### TRY IT
Repeat exactly the opening lines of the records, ending with the line that contains "latitude: 47.1613".

### DATA IN THIS EXERCISE
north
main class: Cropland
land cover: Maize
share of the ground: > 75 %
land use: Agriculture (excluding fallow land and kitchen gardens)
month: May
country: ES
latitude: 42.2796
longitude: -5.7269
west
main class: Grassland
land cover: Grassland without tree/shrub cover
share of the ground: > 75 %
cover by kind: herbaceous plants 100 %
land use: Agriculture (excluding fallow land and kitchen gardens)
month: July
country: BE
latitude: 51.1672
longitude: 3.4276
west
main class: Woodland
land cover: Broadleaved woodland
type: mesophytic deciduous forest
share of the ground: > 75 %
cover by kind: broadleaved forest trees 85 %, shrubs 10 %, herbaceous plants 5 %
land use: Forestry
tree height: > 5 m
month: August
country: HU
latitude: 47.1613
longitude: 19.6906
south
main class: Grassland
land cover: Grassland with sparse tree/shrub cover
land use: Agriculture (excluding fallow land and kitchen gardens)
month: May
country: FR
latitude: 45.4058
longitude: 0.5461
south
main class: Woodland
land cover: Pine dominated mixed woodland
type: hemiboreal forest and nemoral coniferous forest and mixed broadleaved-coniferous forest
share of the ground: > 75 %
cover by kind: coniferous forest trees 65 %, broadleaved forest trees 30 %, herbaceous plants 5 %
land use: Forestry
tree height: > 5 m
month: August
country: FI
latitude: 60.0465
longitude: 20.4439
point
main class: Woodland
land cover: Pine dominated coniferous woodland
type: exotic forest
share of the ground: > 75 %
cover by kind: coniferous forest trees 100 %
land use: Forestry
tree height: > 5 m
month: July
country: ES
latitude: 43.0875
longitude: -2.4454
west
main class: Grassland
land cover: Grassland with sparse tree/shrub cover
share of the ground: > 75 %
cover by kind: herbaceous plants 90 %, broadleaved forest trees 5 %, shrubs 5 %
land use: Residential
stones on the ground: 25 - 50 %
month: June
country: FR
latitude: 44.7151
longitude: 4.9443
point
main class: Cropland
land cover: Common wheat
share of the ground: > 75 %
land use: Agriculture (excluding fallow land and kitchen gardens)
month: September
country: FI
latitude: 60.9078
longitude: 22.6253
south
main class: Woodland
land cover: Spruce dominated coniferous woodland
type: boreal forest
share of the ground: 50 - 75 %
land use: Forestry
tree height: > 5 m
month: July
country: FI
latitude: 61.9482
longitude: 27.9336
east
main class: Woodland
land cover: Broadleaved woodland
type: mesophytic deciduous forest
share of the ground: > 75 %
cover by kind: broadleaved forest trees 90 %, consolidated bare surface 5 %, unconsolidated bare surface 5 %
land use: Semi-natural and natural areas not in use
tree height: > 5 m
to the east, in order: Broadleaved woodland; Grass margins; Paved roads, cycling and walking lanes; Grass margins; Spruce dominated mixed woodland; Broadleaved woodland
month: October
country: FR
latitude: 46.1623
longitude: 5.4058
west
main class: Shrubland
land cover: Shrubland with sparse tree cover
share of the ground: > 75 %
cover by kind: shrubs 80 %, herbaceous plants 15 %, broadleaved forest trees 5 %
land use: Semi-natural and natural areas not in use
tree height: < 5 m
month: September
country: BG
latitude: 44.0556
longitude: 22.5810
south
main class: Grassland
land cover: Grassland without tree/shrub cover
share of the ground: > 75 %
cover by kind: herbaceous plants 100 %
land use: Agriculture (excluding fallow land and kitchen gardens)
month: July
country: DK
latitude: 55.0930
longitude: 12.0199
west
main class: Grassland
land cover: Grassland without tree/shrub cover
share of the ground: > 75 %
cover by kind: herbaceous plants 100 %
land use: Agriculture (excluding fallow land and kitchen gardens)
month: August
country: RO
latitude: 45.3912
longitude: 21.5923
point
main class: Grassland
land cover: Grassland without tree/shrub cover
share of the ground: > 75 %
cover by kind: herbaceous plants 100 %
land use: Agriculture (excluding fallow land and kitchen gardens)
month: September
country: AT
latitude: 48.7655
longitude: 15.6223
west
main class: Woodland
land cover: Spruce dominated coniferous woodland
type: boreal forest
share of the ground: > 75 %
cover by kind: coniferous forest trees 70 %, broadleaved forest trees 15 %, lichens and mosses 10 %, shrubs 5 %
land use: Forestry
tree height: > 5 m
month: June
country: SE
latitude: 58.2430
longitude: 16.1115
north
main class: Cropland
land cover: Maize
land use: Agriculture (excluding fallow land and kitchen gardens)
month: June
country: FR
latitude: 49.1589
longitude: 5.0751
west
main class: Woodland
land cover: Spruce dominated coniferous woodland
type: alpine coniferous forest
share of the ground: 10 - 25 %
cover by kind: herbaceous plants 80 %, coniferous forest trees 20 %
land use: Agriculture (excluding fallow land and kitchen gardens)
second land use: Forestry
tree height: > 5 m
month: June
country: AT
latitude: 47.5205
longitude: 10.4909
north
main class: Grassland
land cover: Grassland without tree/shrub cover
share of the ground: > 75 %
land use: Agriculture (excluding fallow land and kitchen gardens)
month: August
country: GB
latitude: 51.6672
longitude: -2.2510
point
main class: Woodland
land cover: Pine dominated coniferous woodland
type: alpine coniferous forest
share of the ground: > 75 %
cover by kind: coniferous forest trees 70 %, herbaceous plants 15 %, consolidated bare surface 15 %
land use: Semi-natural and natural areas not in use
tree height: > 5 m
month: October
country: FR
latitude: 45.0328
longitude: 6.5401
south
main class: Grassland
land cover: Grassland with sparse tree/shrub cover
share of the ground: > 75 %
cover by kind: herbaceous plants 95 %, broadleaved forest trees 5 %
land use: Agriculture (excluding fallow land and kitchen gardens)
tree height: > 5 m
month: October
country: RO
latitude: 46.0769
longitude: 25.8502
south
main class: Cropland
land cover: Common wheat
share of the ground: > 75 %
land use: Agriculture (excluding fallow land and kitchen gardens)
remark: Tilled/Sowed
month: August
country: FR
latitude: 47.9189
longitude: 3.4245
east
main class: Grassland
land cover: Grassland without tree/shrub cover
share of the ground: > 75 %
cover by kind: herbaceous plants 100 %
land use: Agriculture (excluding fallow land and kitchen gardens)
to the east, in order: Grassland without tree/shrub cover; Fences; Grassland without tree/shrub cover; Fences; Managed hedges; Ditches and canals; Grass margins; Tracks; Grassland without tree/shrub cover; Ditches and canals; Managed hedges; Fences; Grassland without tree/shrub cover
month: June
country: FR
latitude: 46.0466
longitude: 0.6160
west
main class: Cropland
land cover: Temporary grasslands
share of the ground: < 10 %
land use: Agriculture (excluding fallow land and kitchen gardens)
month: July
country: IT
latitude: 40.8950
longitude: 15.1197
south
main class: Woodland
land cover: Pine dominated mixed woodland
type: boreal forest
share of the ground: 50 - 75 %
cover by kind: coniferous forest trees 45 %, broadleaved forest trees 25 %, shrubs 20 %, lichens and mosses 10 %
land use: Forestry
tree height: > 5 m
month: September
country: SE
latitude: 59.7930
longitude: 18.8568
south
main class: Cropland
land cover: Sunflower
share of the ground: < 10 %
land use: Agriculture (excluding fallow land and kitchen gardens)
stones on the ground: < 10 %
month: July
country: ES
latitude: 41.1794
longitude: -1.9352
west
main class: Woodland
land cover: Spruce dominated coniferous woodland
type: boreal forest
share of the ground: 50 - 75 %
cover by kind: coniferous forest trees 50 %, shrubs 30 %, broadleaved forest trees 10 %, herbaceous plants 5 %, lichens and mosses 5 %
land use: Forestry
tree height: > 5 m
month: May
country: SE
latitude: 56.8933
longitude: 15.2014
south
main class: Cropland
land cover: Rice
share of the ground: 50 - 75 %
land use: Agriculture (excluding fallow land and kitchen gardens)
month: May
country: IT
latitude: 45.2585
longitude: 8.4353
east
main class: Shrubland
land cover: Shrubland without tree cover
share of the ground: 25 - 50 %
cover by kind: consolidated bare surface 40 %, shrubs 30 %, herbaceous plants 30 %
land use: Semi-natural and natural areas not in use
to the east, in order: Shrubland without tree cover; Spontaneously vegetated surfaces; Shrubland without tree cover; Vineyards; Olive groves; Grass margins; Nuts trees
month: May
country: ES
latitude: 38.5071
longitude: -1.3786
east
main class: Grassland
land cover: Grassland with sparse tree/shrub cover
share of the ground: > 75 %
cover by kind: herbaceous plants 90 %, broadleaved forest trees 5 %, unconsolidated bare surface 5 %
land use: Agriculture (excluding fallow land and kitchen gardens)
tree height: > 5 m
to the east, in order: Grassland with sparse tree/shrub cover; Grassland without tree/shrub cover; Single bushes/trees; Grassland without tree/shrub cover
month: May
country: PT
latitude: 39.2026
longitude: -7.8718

### SOLUTION FOR THIS TASK
north
main class: Cropland
land cover: Maize
share of the ground: > 75 %
land use: Agriculture (excluding fallow land and kitchen gardens)
month: May
country: ES
latitude: 42.2796
longitude: -5.7269
west
main class: Grassland
land cover: Grassland without tree/shrub cover
share of the ground: > 75 %
cover by kind: herbaceous plants 100 %
land use: Agriculture (excluding fallow land and kitchen gardens)
month: July
country: BE
latitude: 51.1672
longitude: 3.4276
west
main class: Woodland
land cover: Broadleaved woodland
type: mesophytic deciduous forest
share of the ground: > 75 %
cover by kind: broadleaved forest trees 85 %, shrubs 10 %, herbaceous plants 5 %
land use: Forestry
tree height: > 5 m
month: August
country: HU
latitude: 47.1613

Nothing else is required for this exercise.